[Source material Boundary: Start]

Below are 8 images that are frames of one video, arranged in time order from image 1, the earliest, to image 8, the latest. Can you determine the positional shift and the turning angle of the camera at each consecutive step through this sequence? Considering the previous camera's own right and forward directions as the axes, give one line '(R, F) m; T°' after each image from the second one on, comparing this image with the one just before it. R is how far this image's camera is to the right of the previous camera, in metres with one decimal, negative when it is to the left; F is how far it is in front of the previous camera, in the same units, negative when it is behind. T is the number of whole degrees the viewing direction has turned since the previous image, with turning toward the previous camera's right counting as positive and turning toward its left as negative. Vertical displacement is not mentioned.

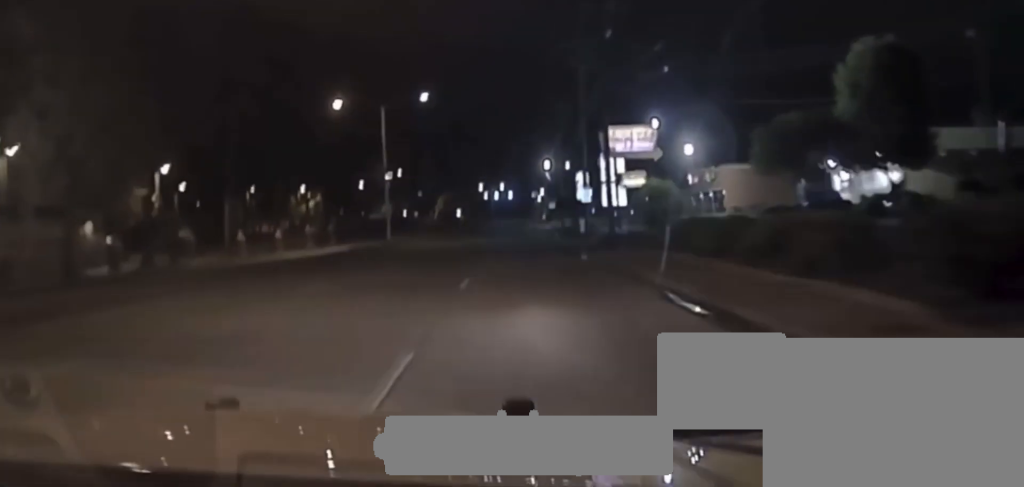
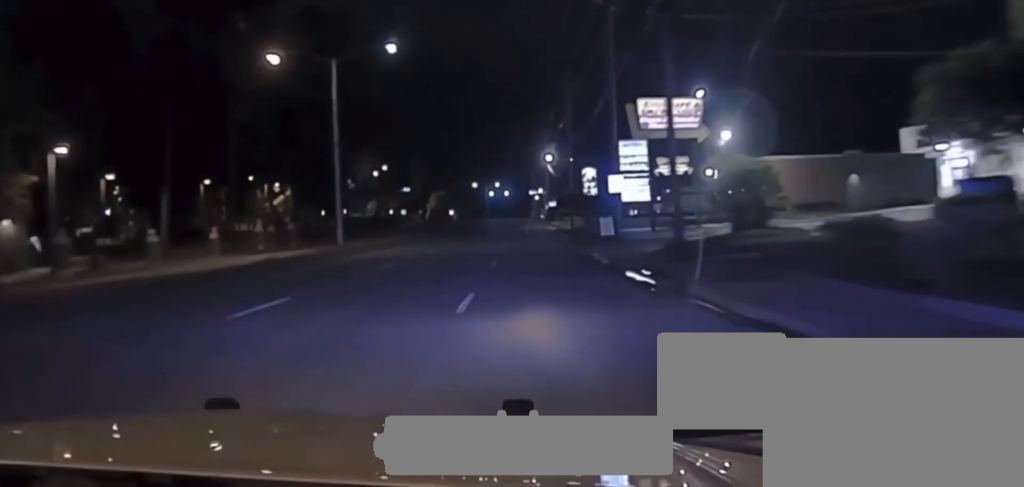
(+0.1, +19.7) m; 0°
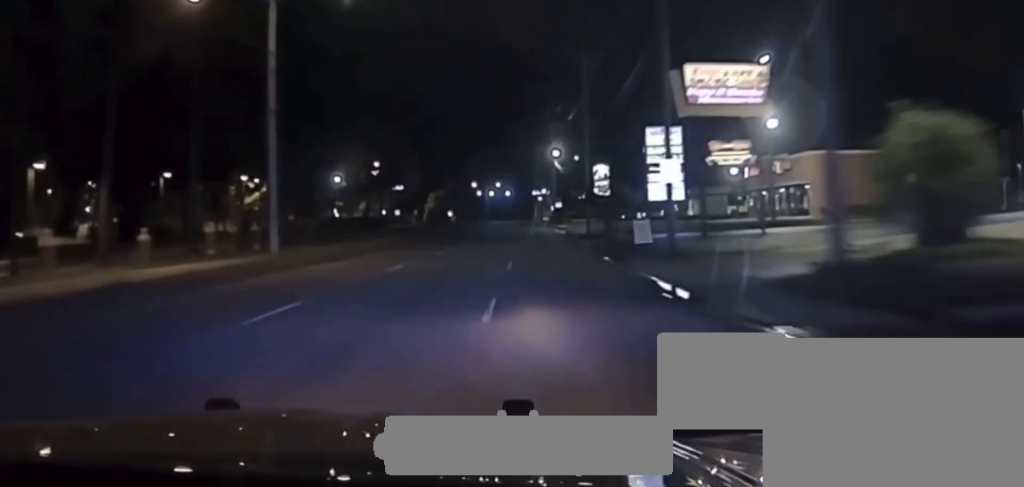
(0.0, +14.8) m; 0°
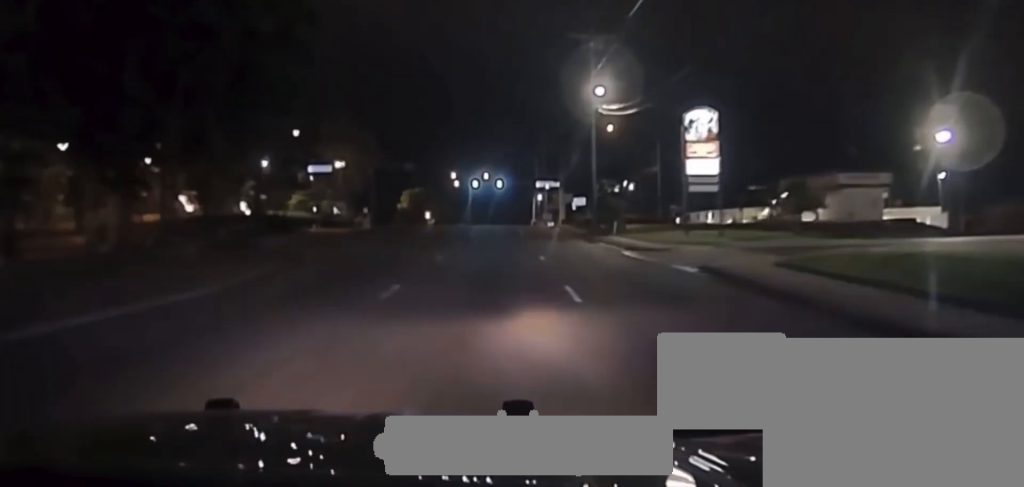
(0.0, +49.3) m; 0°
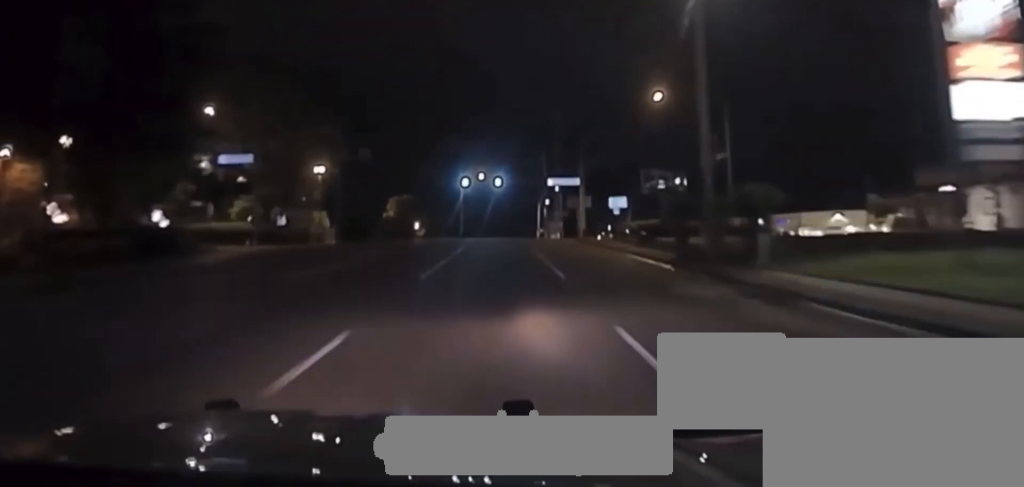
(0.0, +22.6) m; 0°
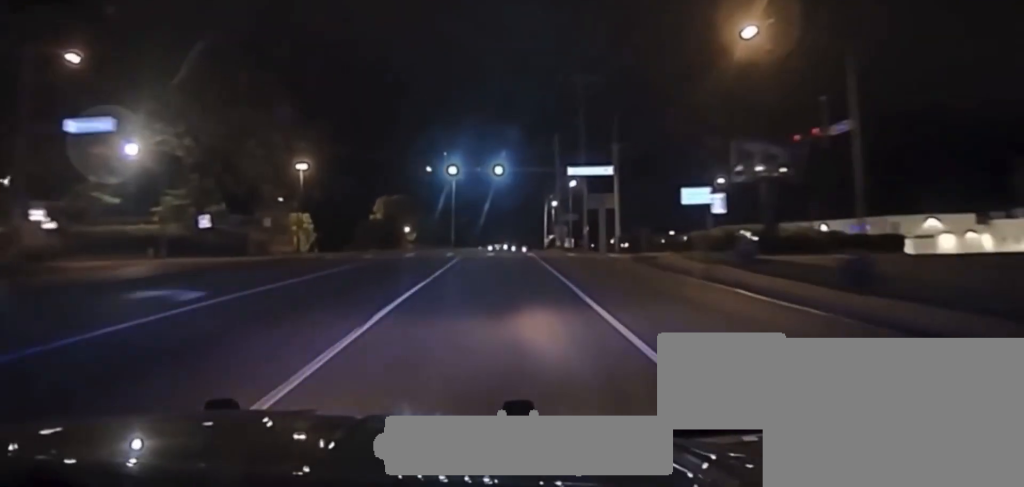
(0.0, +21.0) m; 0°
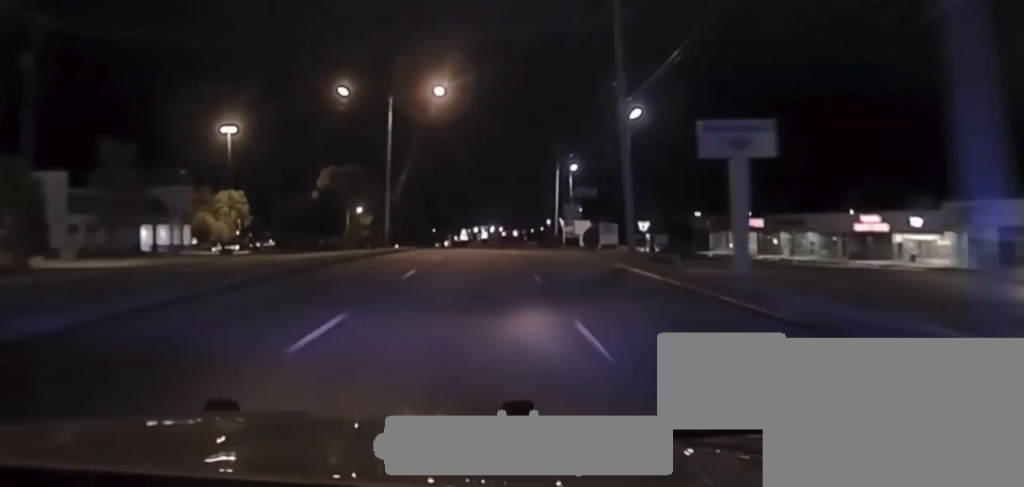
(+0.1, +52.2) m; +1°
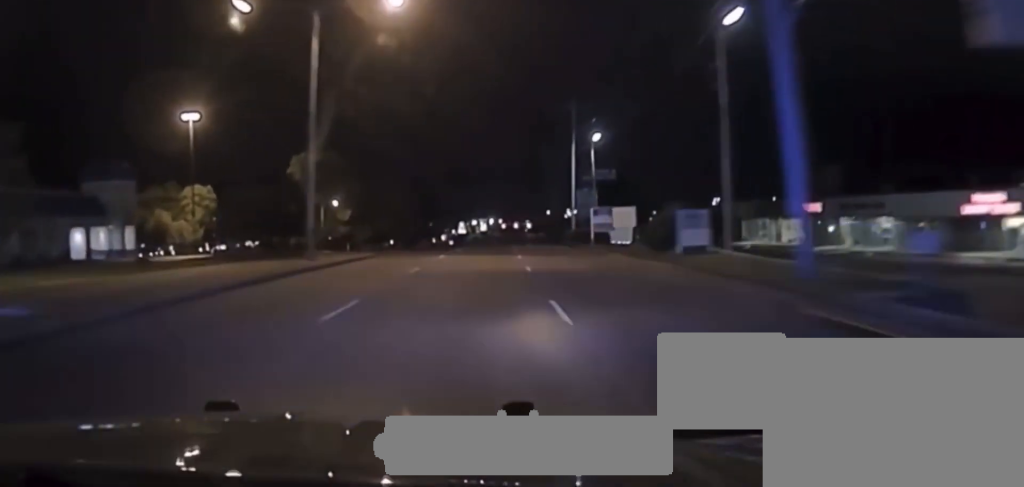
(+0.2, +26.0) m; 0°

[Source material Boundary: End]

Exercise: Reproduce all of the data exactly; the pictures do not belong in the copy.

Problem solution:
Below are 8 images that are frames of one video, arranged in time order from image 1, the earliest, to image 8, the latest. Can you determine the positional shift and the turning angle of the camera at each consecutive step through this sequence? Considering the previous camera's own right and forward directions as the axes, give one line '(R, F) m; T°' after each image from the second one on, comparing this image with the one just before it. R is how far this image's camera is to the right of the previous camera, in metres with one decimal, negative when it is to the left; F is how far it is in front of the previous camera, in the same units, negative when it is behind. T is the number of whole degrees the viewing direction has turned since the previous image, with turning toward the previous camera's right counting as positive and turning toward its left as negative. Vertical displacement is not mentioned.

(+0.1, +19.7) m; 0°
(0.0, +14.8) m; 0°
(0.0, +49.3) m; 0°
(0.0, +22.6) m; 0°
(0.0, +21.0) m; 0°
(+0.1, +52.2) m; +1°
(+0.2, +26.0) m; 0°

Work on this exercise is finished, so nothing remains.